# Brown's Canyon Water Level Questions



## JBL (Jun 7, 2006)

How does Browns at 1250 cfs compare to Browns at 1500 cfs, 1750 cfs, 2000 cfs, 2500 cfs? What gets harder, easier, more fun, etc.?


----------



## COUNT (Jul 5, 2005)

In my opinion, Brown's changes very little from about 12 or 13 hundred to 18hundo. Over 18 stuff starts to wash out and just become big wavetrains and the necessity of making moves disappears. The hardest I've ever run Brown's was at 330. Over 1200, Pinball disappears. Toiletbowl gets tougher lower and at low flows <800, there are definitely right and wrong sides to start on in some of the drops of Staircase. Raft Ripper gets tough under 600.

COUNT


----------



## Snowhere (Feb 21, 2008)

1250, yawn.... 1500 better. 2000, the ark tends to wash. +2000, gets better and better. +4000, best.

Tough to exactly pinpoint what gets harder and easier as some stuff is harder at certain flows, and gets easier at higher and then gets tougher higher and then gets easier..... 

The major rapids, Zoom, the Seven Stairs, tend to be tougher (but great fun) at higher flows. Big drop, Toilet Bowl can easily be sneaked at higher flows, so where the rapid might be tougher, you can always sneak. Like any river, the bigger the flow, the pushier it will be.

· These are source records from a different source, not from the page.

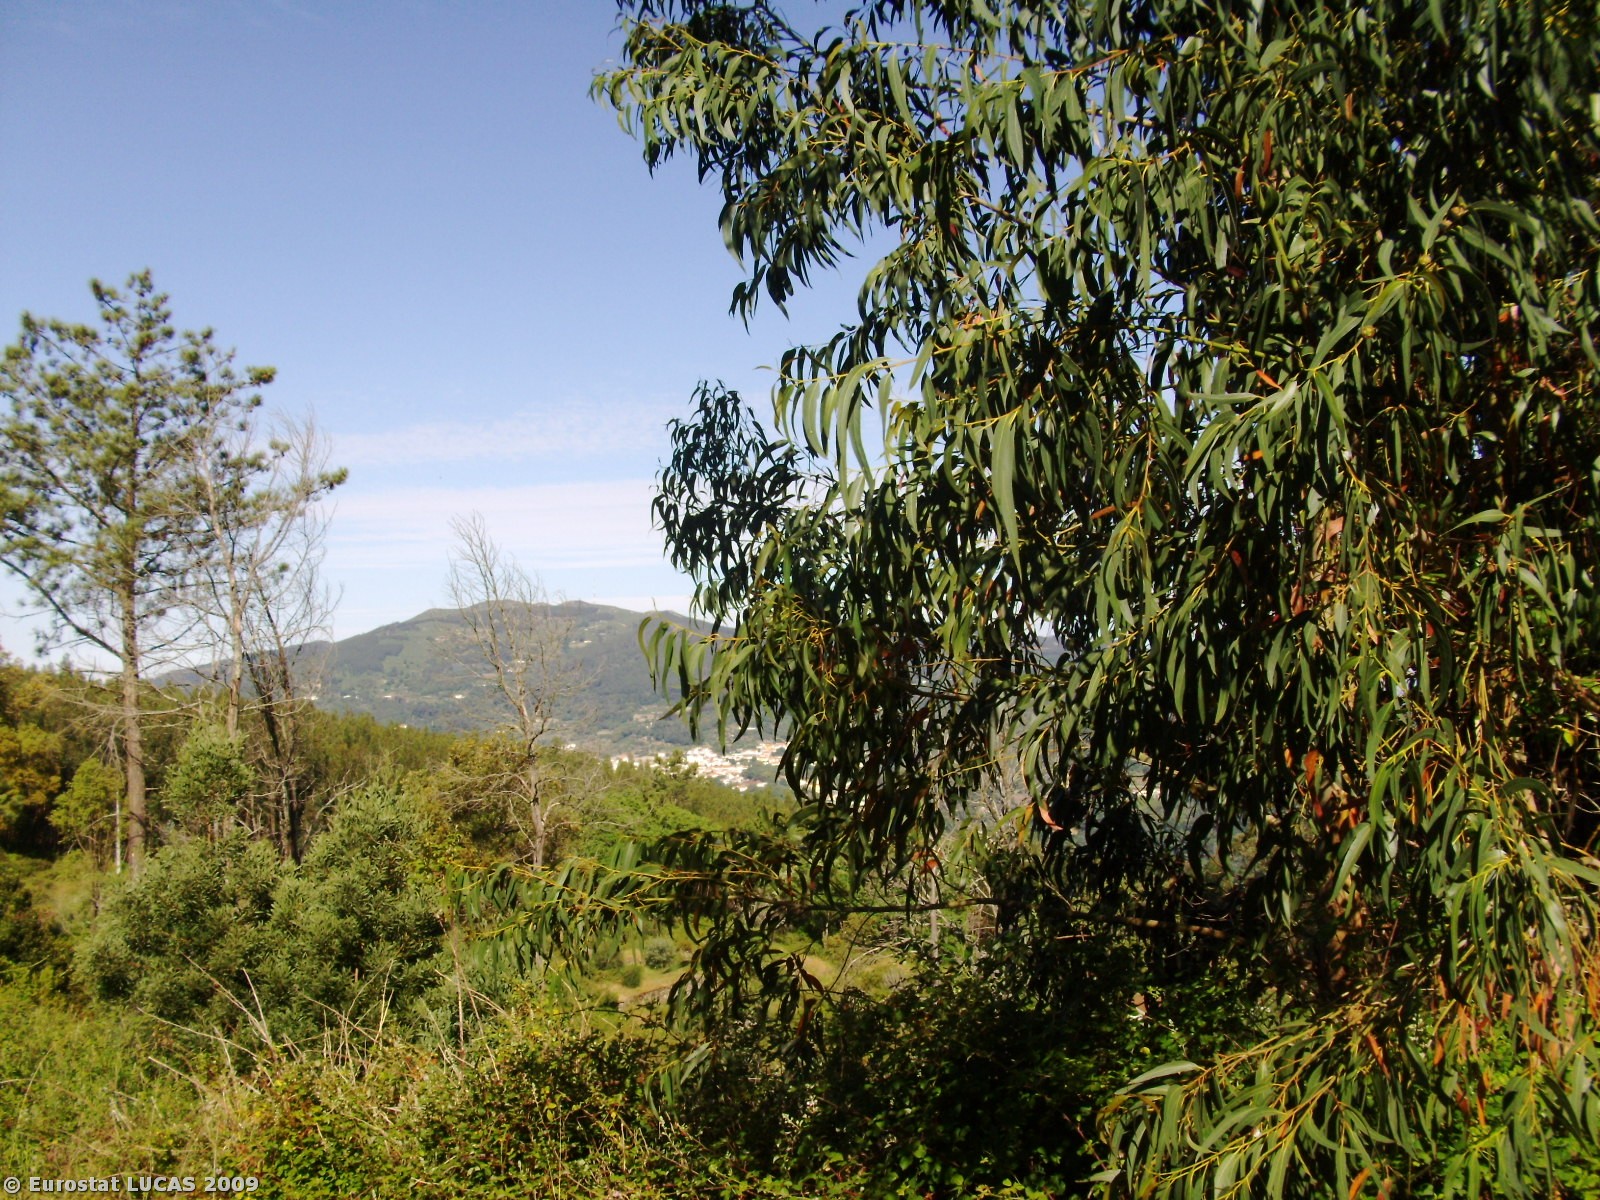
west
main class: Shrubland
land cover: Shrubland with sparse tree cover
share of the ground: > 75 %
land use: Nature reserves
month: June
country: PT
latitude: 37.3191
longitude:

If you really want to pucker up, try Numbers above 2500!


----------



## heliodorus04 (May 31, 2005)

I agree with Count.

Zoom Flume has some small-width holes that are grippy above 1800.

Pinball is the most difficult at low flow.

Toiletbowl above 1800 intimidated me, but there's an easy sneak on river right at higher flows.

The higher it goes, the more washed out everything but Zoom Flume is.

Oh, and below 500, the float in is tedious.


----------